La tristeza compartida es una fina capa de niebla que se va posando en el aire, en los muros de las casas, en el sentimiento colectivo de la gente. La plaza de la Catedral amaneció cubierta por ese terrible rastro de niebla que deja la muerte absurda de un niño de ocho años. El dolor de una ciudad se queda para siempre, como permanece en las piedras la huella de la humedad, como la herida que va dejando en un acantilado la fuerza invisible de la marea.
Un gris ajado cubría el cielo de la plaza, un cielo irreal decorado con nubes de cartón piedra que acentuaban esa sensación de tristeza.

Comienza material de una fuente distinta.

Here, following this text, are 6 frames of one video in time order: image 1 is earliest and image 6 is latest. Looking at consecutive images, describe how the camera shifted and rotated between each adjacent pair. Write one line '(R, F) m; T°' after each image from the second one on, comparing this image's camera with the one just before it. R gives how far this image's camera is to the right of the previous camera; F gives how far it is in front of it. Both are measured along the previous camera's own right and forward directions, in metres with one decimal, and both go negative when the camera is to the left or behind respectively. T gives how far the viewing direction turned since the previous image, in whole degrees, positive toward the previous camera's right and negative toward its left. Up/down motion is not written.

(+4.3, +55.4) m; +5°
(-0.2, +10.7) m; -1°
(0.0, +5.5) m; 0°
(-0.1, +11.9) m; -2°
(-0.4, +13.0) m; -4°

Había en el lugar un dolor acumulado que había detenido el tiempo. Hasta las palomas de la iglesia, que todos los días a esas horas de la mañana revolotean por la puerta principal, parecían ausentes. Ayer no se posaron en las columnas de la puerta ni caminaron detrás de los transeúntes buscando la recompensa de unas migas de pan.

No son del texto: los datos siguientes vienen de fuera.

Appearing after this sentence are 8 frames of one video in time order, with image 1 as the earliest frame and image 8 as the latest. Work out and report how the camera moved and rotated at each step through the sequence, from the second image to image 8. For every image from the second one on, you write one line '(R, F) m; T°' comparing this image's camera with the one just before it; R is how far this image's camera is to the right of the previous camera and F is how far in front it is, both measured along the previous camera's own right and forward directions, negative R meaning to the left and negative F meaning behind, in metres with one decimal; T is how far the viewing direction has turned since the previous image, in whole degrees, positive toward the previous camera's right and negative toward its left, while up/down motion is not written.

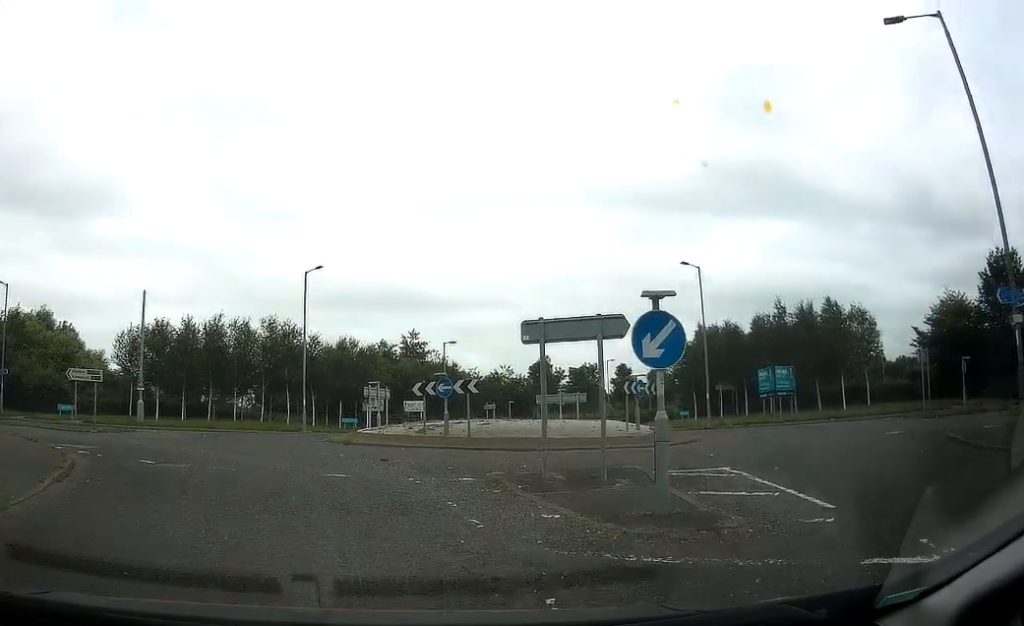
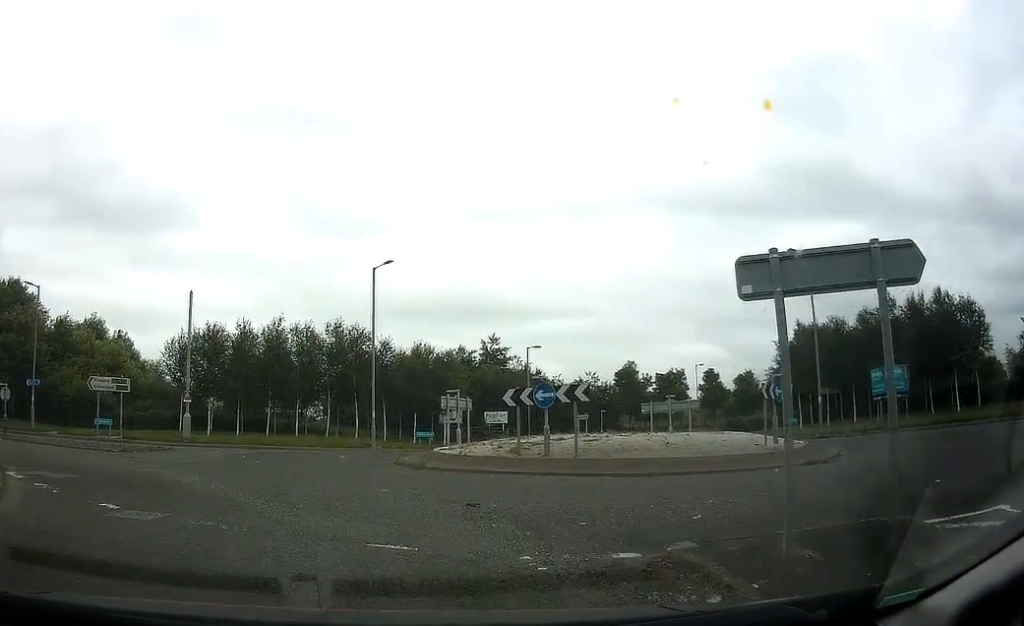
(-0.3, +5.3) m; -6°
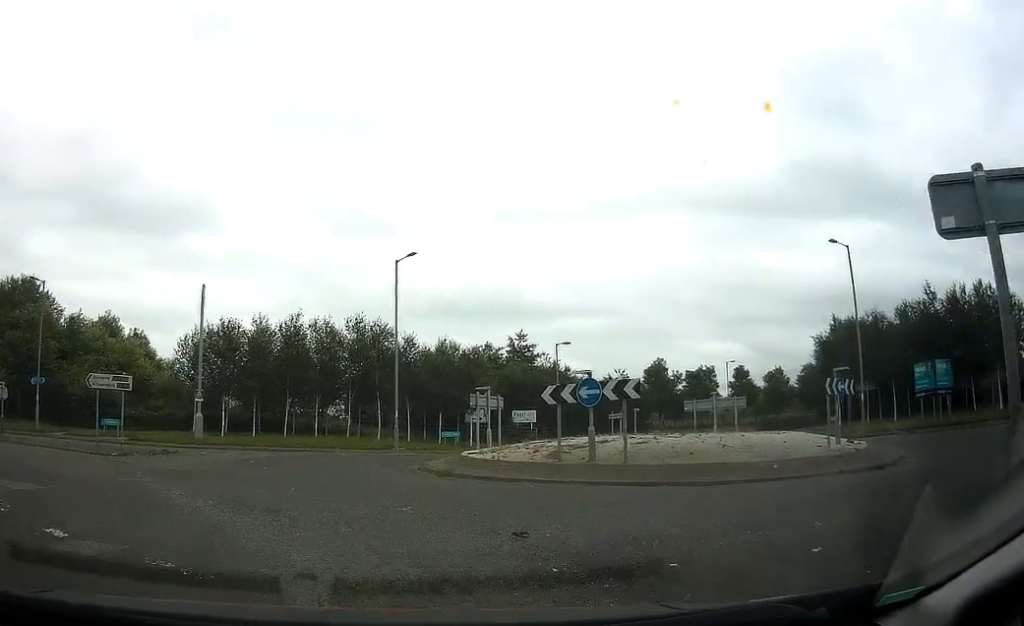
(-0.1, +2.2) m; -4°
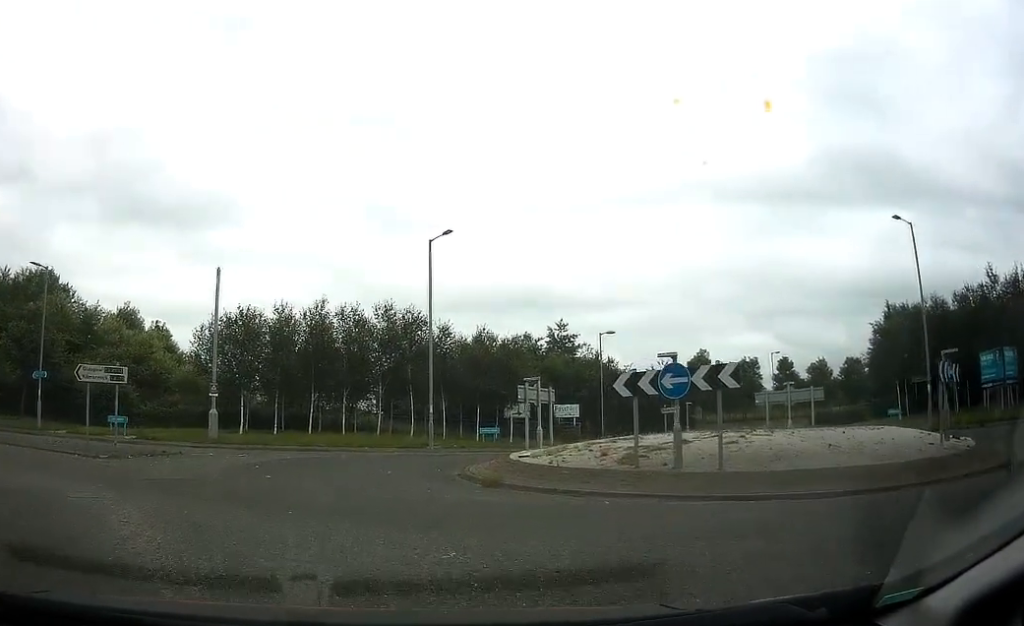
(-0.1, +3.0) m; -6°
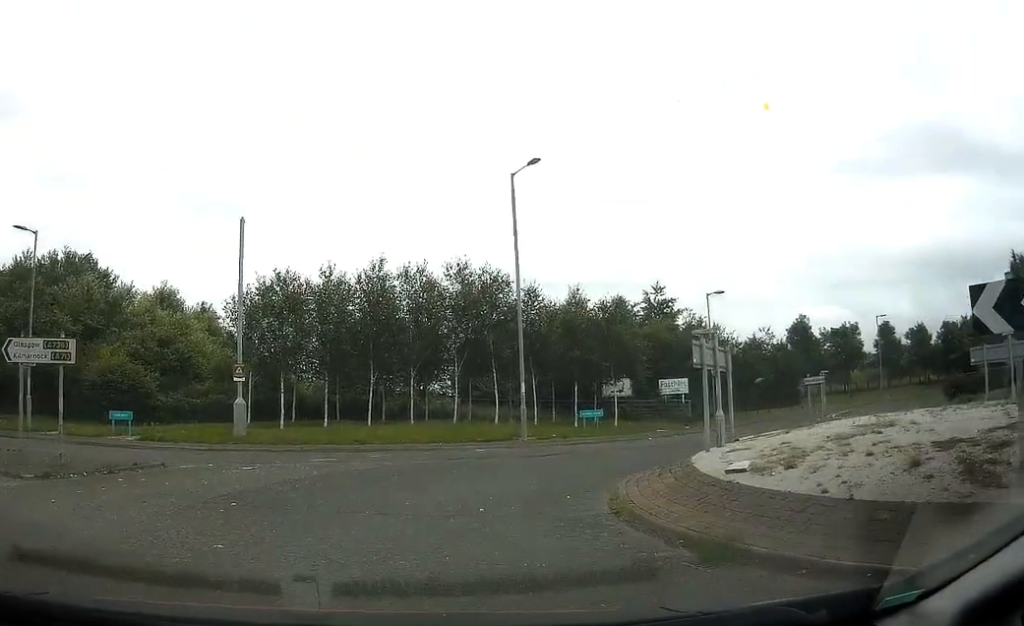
(-0.7, +6.9) m; -5°
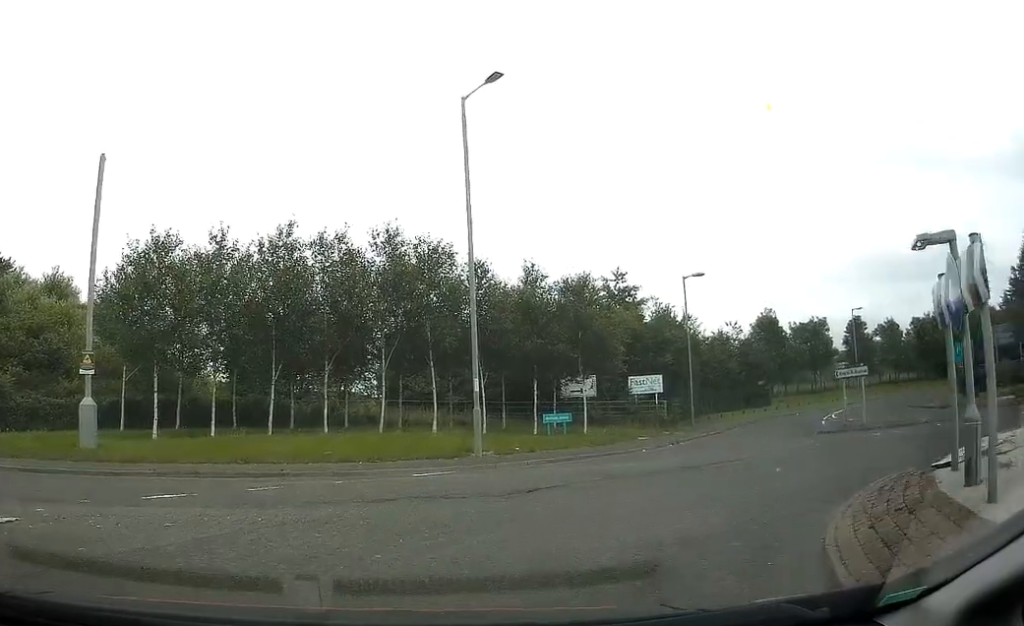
(+0.6, +7.3) m; +11°
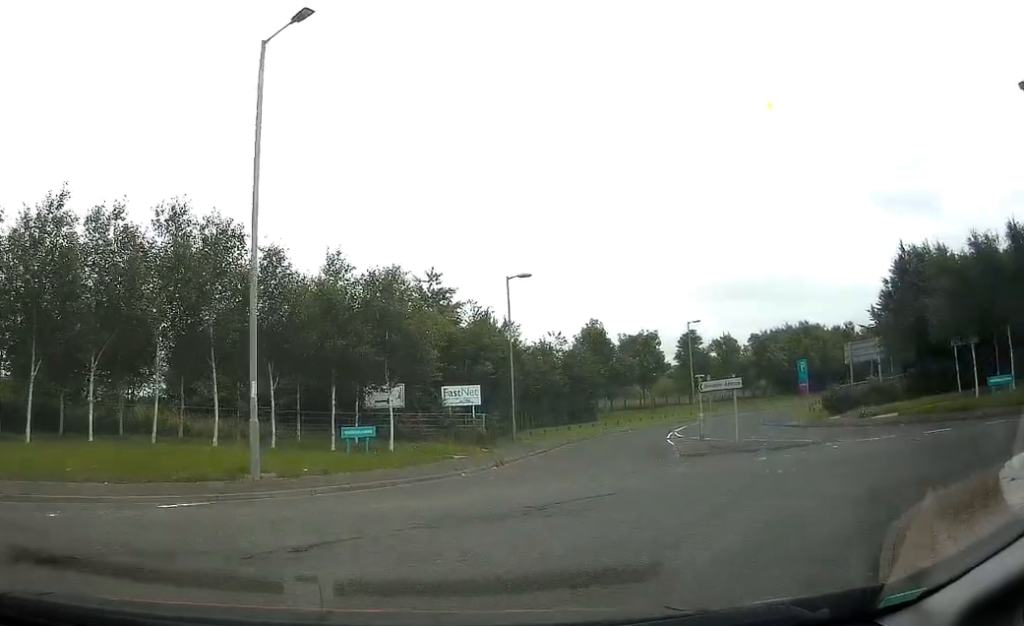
(+0.2, +3.9) m; +10°
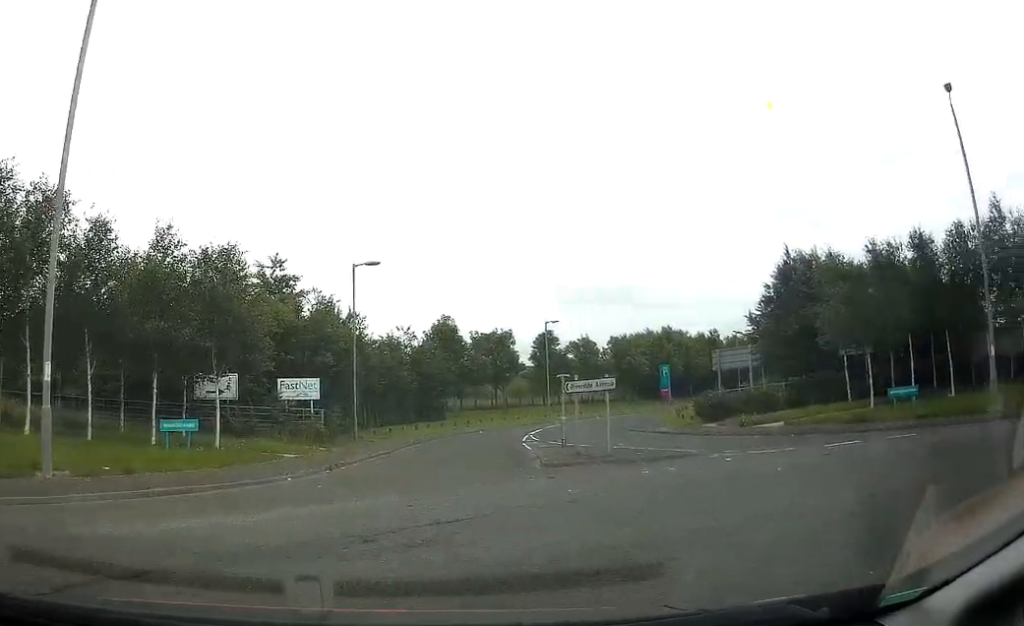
(+0.2, +2.4) m; +13°

No hace falta ponerse de acuerdo para compartir el dolor por la muerte de un niño. La gente llegaba de forma espontánea, desde todos los barrios, desde todas las condiciones sociales, con el mismo gesto de tristeza. Hay emociones que no se pueden digerir hacia dentro porque nos estallan en los ojos de forma irremediable. No ha sido una muerte más; con Gabriel todos hemos perdido algo, ha sido una derrota colectiva como si a cada uno de nosotros se nos hubiera ido un familiar. “Lo he sentido como un hijo”, me decía Carmen Fuentes, una mujer de unos setenta años que a duras penas había podido desplazarse desde la Plaza de Pavía por culpa de una artrosis brutal que le ha doblado la espalda. “Llevaba una semana sin salir. Esta humedad me mata, pero angélico el niño, se merecía esto y mucho más. Me pongo en el lugar de esa madre, lo que tiene que estar sufriendo”.

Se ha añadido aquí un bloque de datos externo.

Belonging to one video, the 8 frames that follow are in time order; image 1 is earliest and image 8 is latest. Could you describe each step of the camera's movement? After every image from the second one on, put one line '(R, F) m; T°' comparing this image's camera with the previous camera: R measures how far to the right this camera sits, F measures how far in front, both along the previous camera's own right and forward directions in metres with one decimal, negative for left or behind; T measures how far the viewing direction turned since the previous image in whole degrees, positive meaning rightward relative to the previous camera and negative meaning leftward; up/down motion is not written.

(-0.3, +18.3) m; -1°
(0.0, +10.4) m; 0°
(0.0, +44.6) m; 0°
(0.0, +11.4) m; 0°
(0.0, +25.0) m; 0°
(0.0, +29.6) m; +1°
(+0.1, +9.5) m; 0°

La necesidad de compartir el sufrimiento se contrarrestaba con la obligación de levantar el ánimo de los familiares. Por eso, la gente empezó a aplaudir cuando unos minutos antes de las once de la mañana comenzó a llegar el cortejo: el pequeño féretro de color blanco llevado a hombros hasta el Altar Mayor; el llanto de los padres al bajarse del coche; el gesto de la madre abriendo los brazos como si le estuviera pidiendo un abrazo a cada uno de los allí presentes. Mientras en el interior del templo las autoridades presenciaban la ceremonia, la gente, en la plaza, seguía el duelo a través de una pantalla gigante instalada frente a la fachada de la Catedral. Fue el momento de compartir las lágrimas en medio de un rotundo silencio, el mismo silencio que compartieron las palomas, que allá arriba, en lo más alto del campanario, parecían comprender aquel momento de profunda tristeza.